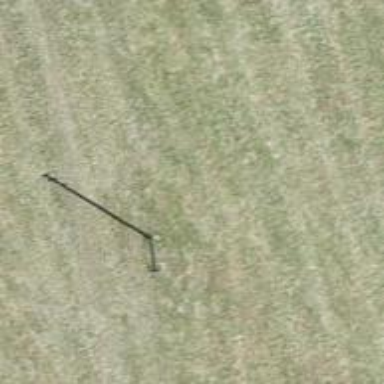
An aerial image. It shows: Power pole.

...

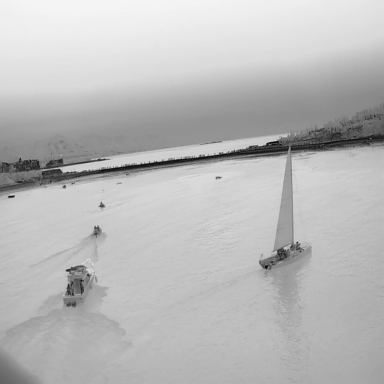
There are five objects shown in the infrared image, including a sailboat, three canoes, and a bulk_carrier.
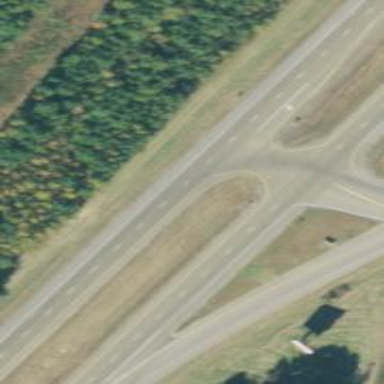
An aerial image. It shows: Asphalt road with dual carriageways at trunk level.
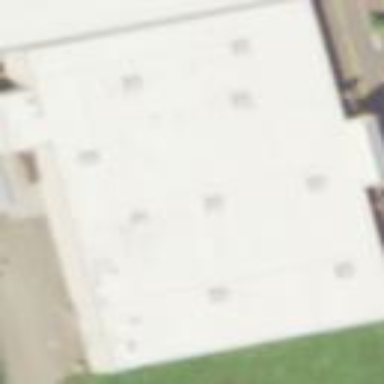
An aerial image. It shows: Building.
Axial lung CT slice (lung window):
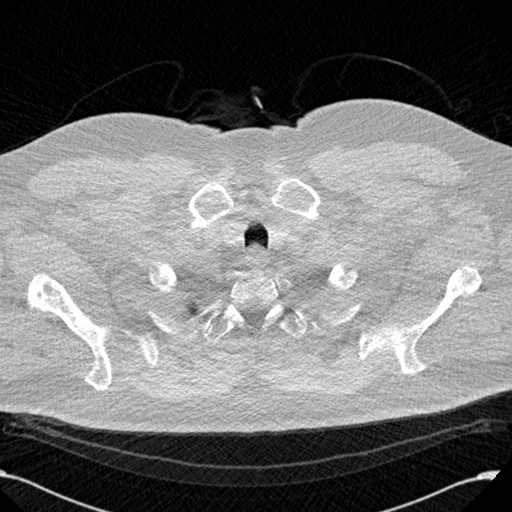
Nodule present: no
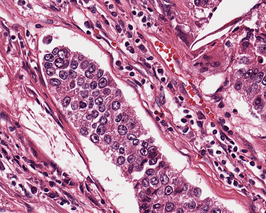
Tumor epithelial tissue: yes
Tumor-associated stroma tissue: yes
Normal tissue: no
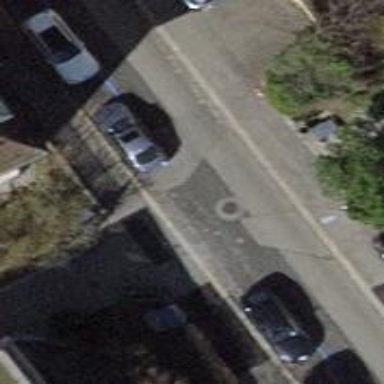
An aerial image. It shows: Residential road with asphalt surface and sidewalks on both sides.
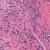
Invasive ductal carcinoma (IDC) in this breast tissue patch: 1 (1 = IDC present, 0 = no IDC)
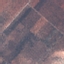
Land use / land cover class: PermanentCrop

* * *

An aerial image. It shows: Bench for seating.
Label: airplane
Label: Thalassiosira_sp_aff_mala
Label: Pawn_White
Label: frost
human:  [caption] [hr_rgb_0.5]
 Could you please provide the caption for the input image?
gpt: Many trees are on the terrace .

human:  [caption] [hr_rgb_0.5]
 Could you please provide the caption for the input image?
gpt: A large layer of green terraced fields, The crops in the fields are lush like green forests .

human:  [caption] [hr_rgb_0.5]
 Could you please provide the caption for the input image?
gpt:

PROBLEM STATEMENT
Match on "with" and copy out every line of the entries that contains it.

SOLUTION FOR THIS PROBLEM
An aerial image. It shows: Asphalt road with dual carriageways at trunk level.
An aerial image. It shows: Residential road with asphalt surface and sidewalks on both sides.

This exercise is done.